Vortex ring pairs: numerical simulation and experiment

Abstract

In this paper we discuss the possibility that concentric vortex rings, with-associated circulation of opposite sign, can propagate steadily as a coherent pair. Inviscid flow considerations suggest that such a configuration, which we define as a vortex ring pair, may be possible. Numerical solutions of the Navier-Stokes equations for incompressible, laminar flow show that, although diffusion results in a continual redistribution of vorticity, a quasi-steadily propagating vortex ring pair could be attained in practice. Experiments are reported to test this idea by generating counterrotating vortex ring pairs by impulsive fluid motion through an annular orifice.

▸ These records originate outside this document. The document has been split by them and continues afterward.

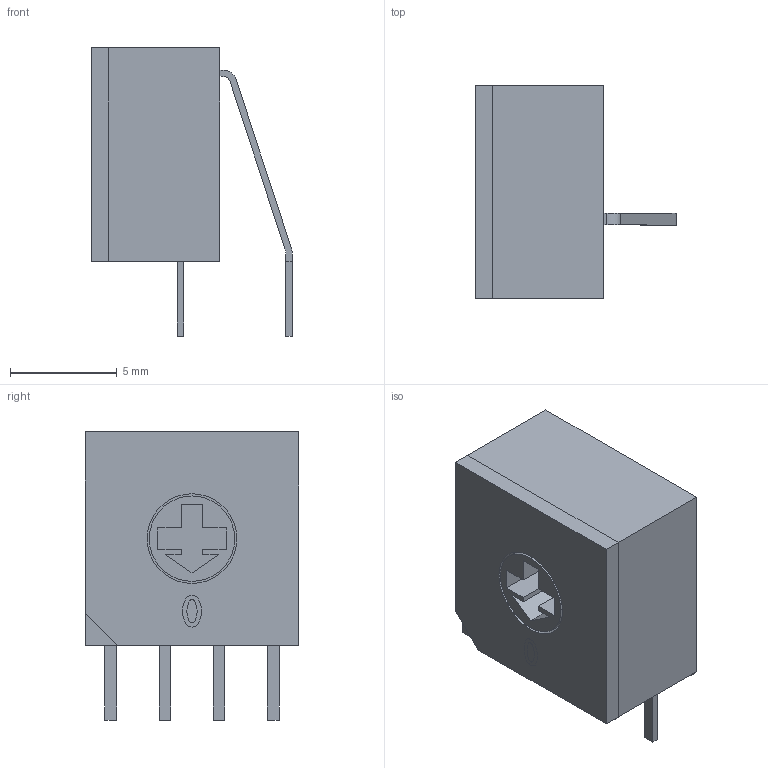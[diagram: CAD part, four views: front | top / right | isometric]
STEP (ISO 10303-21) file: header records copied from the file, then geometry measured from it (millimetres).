
FILE_DESCRIPTION((''),'2;1');
FILE_NAME('SW_APEM_P60A701L508.stp','2014-05-06T12:24:37',(''),(''),'Mechanical Desktop 2011','Mechanical Desktop 2011',', , ');
FILE_SCHEMA(('AUTOMOTIVE_DESIGN { 1 2 10303 214 1 1 1 1 }'));
Length unit declared in the file: millimetre
Products named in the file (1): Product
Bounding box: 9.38 x 10 x 13.5 mm (x, y, z)
Volume: 586.4 mm3; surface area: 794.3 mm2
Topology: 10 solids, 10 shells, 103 faces, 237 edges, 158 vertices
Faces by surface type: plane 70, cylinder 26, bspline 7
Entity records: 2968 total; most frequent: CARTESIAN_POINT 520, DIRECTION 483, ORIENTED_EDGE 474, EDGE_CURVE 237, VECTOR 185, LINE 185, VERTEX_POINT 158, AXIS2_PLACEMENT_3D 149
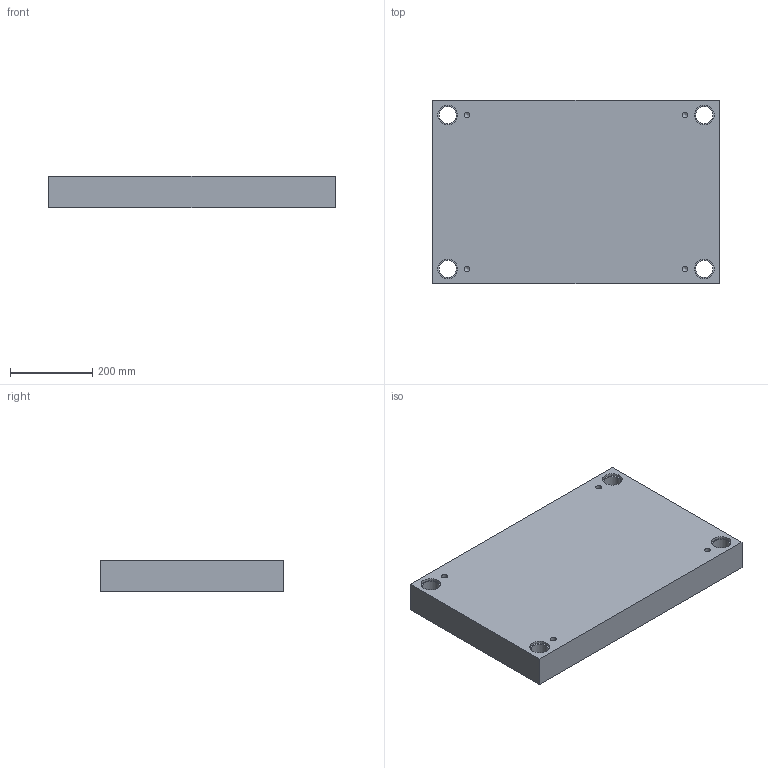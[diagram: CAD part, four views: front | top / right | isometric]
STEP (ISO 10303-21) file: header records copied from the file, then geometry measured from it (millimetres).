
FILE_DESCRIPTION( ( 'Unknown' ), '1' );
FILE_NAME( 'OS_E_446x696x076_.stp', 'Unknown', ( 'Unknown' ), ( 'Unknown' ), 'XStep 1.0', 'Unknown', ' ' );
FILE_SCHEMA( ( 'CONFIG_CONTROL_DESIGN' ) );
Length unit declared in the file: millimetre
Products named in the file (1): 1
Bounding box: 695.7 x 445.7 x 76 mm (x, y, z)
Volume: 23113282.6 mm3; surface area: 828839.2 mm2
Topology: 1 solids, 1 shells, 26 faces, 64 edges, 44 vertices
Faces by surface type: cylinder 12, plane 10, cone 4
Full cylindrical faces by diameter (mm): 14 x4, 42 x4, 48 x4
Entity records: 673 total; most frequent: DIRECTION 114, CARTESIAN_POINT 99, ORIENTED_EDGE 72, EDGE_LOOP 54, AXIS2_PLACEMENT_3D 51, FACE_OUTER_BOUND 38, VERTEX_POINT 36, EDGE_CURVE 36
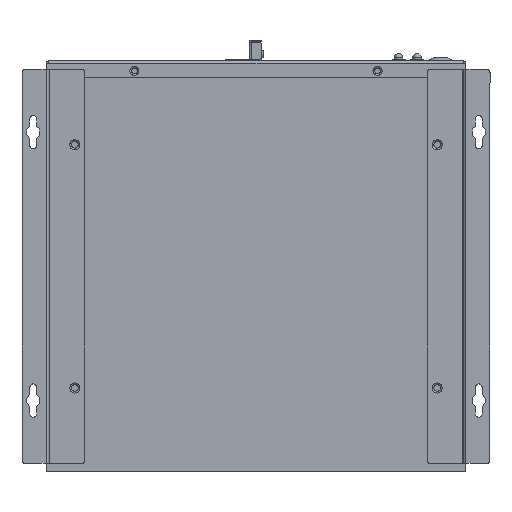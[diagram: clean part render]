
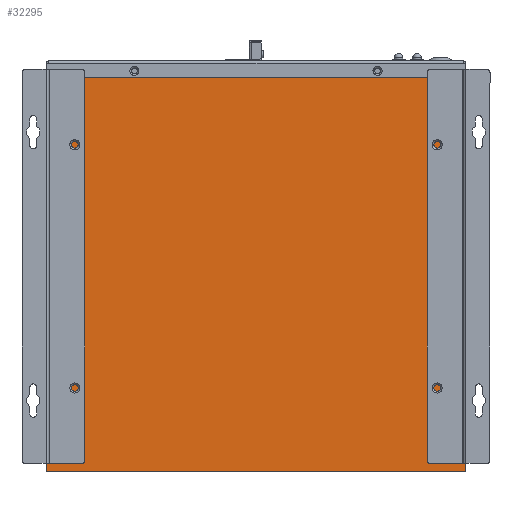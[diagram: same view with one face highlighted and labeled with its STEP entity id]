
A CAD part, front view. The second image highlights one B-rep face of the part: STEP entity #32295.
In plain terms, the highlighted planar face has unit normal (0, -1, 0).
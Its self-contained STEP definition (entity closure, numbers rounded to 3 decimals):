
#524 = VERTEX_POINT ( 'NONE', #24968 ) ;
#6249 = DIRECTION ( 'NONE',  ( 0., 0., 1. ) ) ;
#7955 = CARTESIAN_POINT ( 'NONE',  ( 250., 0., -245. ) ) ;
#8447 = DIRECTION ( 'NONE',  ( -1., 0., 0. ) ) ;
#9757 = EDGE_CURVE ( 'NONE', #12361, #16805, #13844, .T. ) ;
#10173 = DIRECTION ( 'NONE',  ( 0., 0., 1. ) ) ;
#12361 = VERTEX_POINT ( 'NONE', #41762 ) ;
#12716 = ORIENTED_EDGE ( 'NONE', *, *, #41912, .F. ) ;
#12874 = LINE ( 'NONE', #25089, #29315 ) ;
#13844 = LINE ( 'NONE', #7955, #55429 ) ;
#14478 = VECTOR ( 'NONE', #8447, 1000. ) ;
#16805 = VERTEX_POINT ( 'NONE', #26672 ) ;
#18198 = FACE_OUTER_BOUND ( 'NONE', #39369, .T. ) ;
#24160 = ORIENTED_EDGE ( 'NONE', *, *, #71499, .F. ) ;
#24968 = CARTESIAN_POINT ( 'NONE',  ( 0., 0., -10. ) ) ;
#25089 = CARTESIAN_POINT ( 'NONE',  ( 250., 0., -245. ) ) ;
#26672 = CARTESIAN_POINT ( 'NONE',  ( 250., 0., -10. ) ) ;
#28493 = ORIENTED_EDGE ( 'NONE', *, *, #48318, .T. ) ;
#29315 = VECTOR ( 'NONE', #37270, 1000. ) ;
#32295 = ADVANCED_FACE ( 'NONE', ( #18198 ), #42211, .F. ) ;
#36679 = DIRECTION ( 'NONE',  ( 0., 0., 1. ) ) ;
#37270 = DIRECTION ( 'NONE',  ( -1., 0., 0. ) ) ;
#38378 = LINE ( 'NONE', #44277, #14478 ) ;
#39369 = EDGE_LOOP ( 'NONE', ( #28493, #12716, #24160, #43335 ) ) ;
#40242 = VERTEX_POINT ( 'NONE', #56383 ) ;
#41762 = CARTESIAN_POINT ( 'NONE',  ( 250., 0., -245. ) ) ;
#41912 = EDGE_CURVE ( 'NONE', #40242, #524, #60154, .T. ) ;
#42211 = PLANE ( 'NONE',  #73108 ) ;
#43335 = ORIENTED_EDGE ( 'NONE', *, *, #9757, .T. ) ;
#44277 = CARTESIAN_POINT ( 'NONE',  ( 250., 0., -10. ) ) ;
#48318 = EDGE_CURVE ( 'NONE', #16805, #524, #38378, .T. ) ;
#53083 = CARTESIAN_POINT ( 'NONE',  ( 0., 0., -245. ) ) ;
#55429 = VECTOR ( 'NONE', #10173, 1000. ) ;
#56383 = CARTESIAN_POINT ( 'NONE',  ( 0., 0., -245. ) ) ;
#60154 = LINE ( 'NONE', #53083, #63905 ) ;
#63905 = VECTOR ( 'NONE', #6249, 1000. ) ;
#66584 = DIRECTION ( 'NONE',  ( 0., 1., 0. ) ) ;
#71499 = EDGE_CURVE ( 'NONE', #12361, #40242, #12874, .T. ) ;
#72500 = CARTESIAN_POINT ( 'NONE',  ( 250., 0., -245. ) ) ;
#73108 = AXIS2_PLACEMENT_3D ( 'NONE', #72500, #66584, #36679 ) ;

Depending on the normalized impulse and the orifice radius ratio, the vortex rings are observed either (i) to propagate together until diffusive effects or vortex ring instability destroys the coherent motion, or (ii) the inner ring propagates to some maximum axial distance where it reverses its direction and returns to the orifice wall, leaving the outer ring free to continue its forward motion unabated. Numerical simulation shows that the stable flow of the vortex ring trajectories can be reasonably well reproduced. The boundary separating motion (i) from (ii) and the normalized inner ring penetration distance are found over the range of impulse and radius ratio covered by the experiments. Other observed features of vortex ring motion including self-similar trajectories of the spiral core centres during vortex sheet roll-up and ring instability are also presented.